Here are some entries. Print them exactly as they are.
[MATERIALS PROVIDED]
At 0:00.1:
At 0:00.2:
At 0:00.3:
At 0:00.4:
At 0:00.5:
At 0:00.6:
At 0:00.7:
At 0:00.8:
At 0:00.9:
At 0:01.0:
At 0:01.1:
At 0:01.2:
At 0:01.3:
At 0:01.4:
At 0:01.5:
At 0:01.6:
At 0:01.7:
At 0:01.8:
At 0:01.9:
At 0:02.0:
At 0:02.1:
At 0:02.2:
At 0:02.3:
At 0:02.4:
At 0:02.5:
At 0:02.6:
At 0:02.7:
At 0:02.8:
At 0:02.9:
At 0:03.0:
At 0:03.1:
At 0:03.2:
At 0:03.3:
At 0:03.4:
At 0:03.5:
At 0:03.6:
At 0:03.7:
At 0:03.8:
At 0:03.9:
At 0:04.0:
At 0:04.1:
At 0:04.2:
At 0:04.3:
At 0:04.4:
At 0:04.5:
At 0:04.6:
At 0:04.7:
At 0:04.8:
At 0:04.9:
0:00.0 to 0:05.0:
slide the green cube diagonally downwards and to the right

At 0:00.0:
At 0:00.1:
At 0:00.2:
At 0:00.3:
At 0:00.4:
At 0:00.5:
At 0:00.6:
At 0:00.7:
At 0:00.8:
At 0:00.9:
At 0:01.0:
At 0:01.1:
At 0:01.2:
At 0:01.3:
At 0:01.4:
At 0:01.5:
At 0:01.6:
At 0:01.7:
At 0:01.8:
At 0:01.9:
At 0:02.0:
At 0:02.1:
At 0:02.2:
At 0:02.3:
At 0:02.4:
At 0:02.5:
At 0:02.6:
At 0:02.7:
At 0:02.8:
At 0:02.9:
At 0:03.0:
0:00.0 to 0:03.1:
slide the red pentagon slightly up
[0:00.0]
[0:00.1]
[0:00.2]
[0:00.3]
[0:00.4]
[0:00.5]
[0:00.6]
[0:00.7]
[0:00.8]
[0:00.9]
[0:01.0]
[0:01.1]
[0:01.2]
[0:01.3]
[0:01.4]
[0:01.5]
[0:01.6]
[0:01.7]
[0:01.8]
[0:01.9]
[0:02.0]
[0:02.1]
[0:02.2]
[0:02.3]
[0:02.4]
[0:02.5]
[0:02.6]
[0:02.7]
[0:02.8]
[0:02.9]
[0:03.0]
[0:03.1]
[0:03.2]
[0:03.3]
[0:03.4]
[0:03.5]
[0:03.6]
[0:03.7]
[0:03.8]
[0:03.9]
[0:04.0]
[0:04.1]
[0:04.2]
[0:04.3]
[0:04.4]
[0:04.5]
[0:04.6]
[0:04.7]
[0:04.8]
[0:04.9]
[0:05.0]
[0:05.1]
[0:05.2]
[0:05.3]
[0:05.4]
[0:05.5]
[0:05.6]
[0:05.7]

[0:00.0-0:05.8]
[/MATERIALS PROVIDED]
§ **ANSWER SECTION**:
At 0:00.1:
At 0:00.2:
At 0:00.3:
At 0:00.4:
At 0:00.5:
At 0:00.6:
At 0:00.7:
At 0:00.8:
At 0:00.9:
At 0:01.0:
At 0:01.1:
At 0:01.2:
At 0:01.3:
At 0:01.4:
At 0:01.5:
At 0:01.6:
At 0:01.7:
At 0:01.8:
At 0:01.9:
At 0:02.0:
At 0:02.1:
At 0:02.2:
At 0:02.3:
At 0:02.4:
At 0:02.5:
At 0:02.6:
At 0:02.7:
At 0:02.8:
At 0:02.9:
At 0:03.0:
At 0:03.1:
At 0:03.2:
At 0:03.3:
At 0:03.4:
At 0:03.5:
At 0:03.6:
At 0:03.7:
At 0:03.8:
At 0:03.9:
At 0:04.0:
At 0:04.1:
At 0:04.2:
At 0:04.3:
At 0:04.4:
At 0:04.5:
At 0:04.6:
At 0:04.7:
At 0:04.8:
At 0:04.9:
0:00.0 to 0:05.0:
slide the green cube diagonally downwards and to the right

At 0:00.0:
At 0:00.1:
At 0:00.2:
At 0:00.3:
At 0:00.4:
At 0:00.5:
At 0:00.6:
At 0:00.7:
At 0:00.8:
At 0:00.9:
At 0:01.0:
At 0:01.1:
At 0:01.2:
At 0:01.3:
At 0:01.4:
At 0:01.5:
At 0:01.6:
At 0:01.7:
At 0:01.8:
At 0:01.9:
At 0:02.0:
At 0:02.1:
At 0:02.2:
At 0:02.3:
At 0:02.4:
At 0:02.5:
At 0:02.6:
At 0:02.7:
At 0:02.8:
At 0:02.9:
At 0:03.0:
0:00.0 to 0:03.1:
slide the red pentagon slightly up
[0:00.0]
[0:00.1]
[0:00.2]
[0:00.3]
[0:00.4]
[0:00.5]
[0:00.6]
[0:00.7]
[0:00.8]
[0:00.9]
[0:01.0]
[0:01.1]
[0:01.2]
[0:01.3]
[0:01.4]
[0:01.5]
[0:01.6]
[0:01.7]
[0:01.8]
[0:01.9]
[0:02.0]
[0:02.1]
[0:02.2]
[0:02.3]
[0:02.4]
[0:02.5]
[0:02.6]
[0:02.7]
[0:02.8]
[0:02.9]
[0:03.0]
[0:03.1]
[0:03.2]
[0:03.3]
[0:03.4]
[0:03.5]
[0:03.6]
[0:03.7]
[0:03.8]
[0:03.9]
[0:04.0]
[0:04.1]
[0:04.2]
[0:04.3]
[0:04.4]
[0:04.5]
[0:04.6]
[0:04.7]
[0:04.8]
[0:04.9]
[0:05.0]
[0:05.1]
[0:05.2]
[0:05.3]
[0:05.4]
[0:05.5]
[0:05.6]
[0:05.7]

[0:00.0-0:05.8]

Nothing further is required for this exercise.